About one third of carbamazepine adverse reactions affect the skin, mainly causing dermatitis, but also pseudolymphomas; recently a carbamazepine-induced pseudolymphoma with CD30⁺ cells has been described.⁴ However, carbamazepine-related lymphomas are unusual, and detailed information on the clinical features and outcome of such malignancies has been provided in 2 cases only. The first² was a nodal, large-cell, non-Hodgkin lymphoma developed after 4 months of carbamazepine administration; the other³ was a nodal, immunoblastic, T-cell, non-Hodgkin lymphoma diagnosed after 1 month of carbamazepine therapy. Notably, in both cases the lymphadenopathies spontaneously resolved after treatment with carbamazepine was discontinued, suggesting an atypical lymphoid proliferation instead of a true malignancy.³

However, a clinical comparison between ours and the above-mentioned cases might be partially inappropriate because of the exclusively extranodal locations of the disease in our patient and the different therapeutic approaches. In our case the possibility of a nonneoplastic, reactive CD30⁺ infiltrate has therefore been considered, including mainly other subtypes of CD30⁺, primary, cutaneous lymphoproliferative disorders⁵ with specific reference to lymphomatoid papulosis and lesions with borderline histologic characteristics between lymphomatoid papulosis and ALCL. In our patient, the clinical features of the skin lymphoma lesions (multiple, large nodules only partially regressing) and histomorphological characteristics (large, often cohesive sheets of CD30⁺ anaplastic cells) excluded a diagnosis of lymphomatoid papulosis, whereas findings of histomorphological analysis and chiefly molecular biology findings (monoclonal rearrangement for T-cell receptor γ) pointed more to ALCL than to borderline lesions.

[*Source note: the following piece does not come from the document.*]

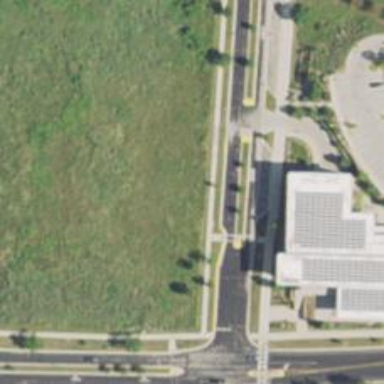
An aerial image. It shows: Uncontrolled crossing on footway.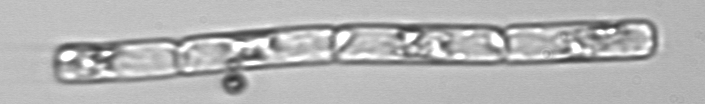
Label: Guinardia_delicatula

Even if no conclusive relationship between carbamazepine and CD30⁺, primary, cutaneous ALCL may be drawn from a single case study, we deem it important for clinicians to be aware of the possible serious adverse effects of carbamazepine treatment, as the discontinuation of the drug treatment can play a crucial role in the regression of the clinical picture, sparing aggressive and harmful treatments.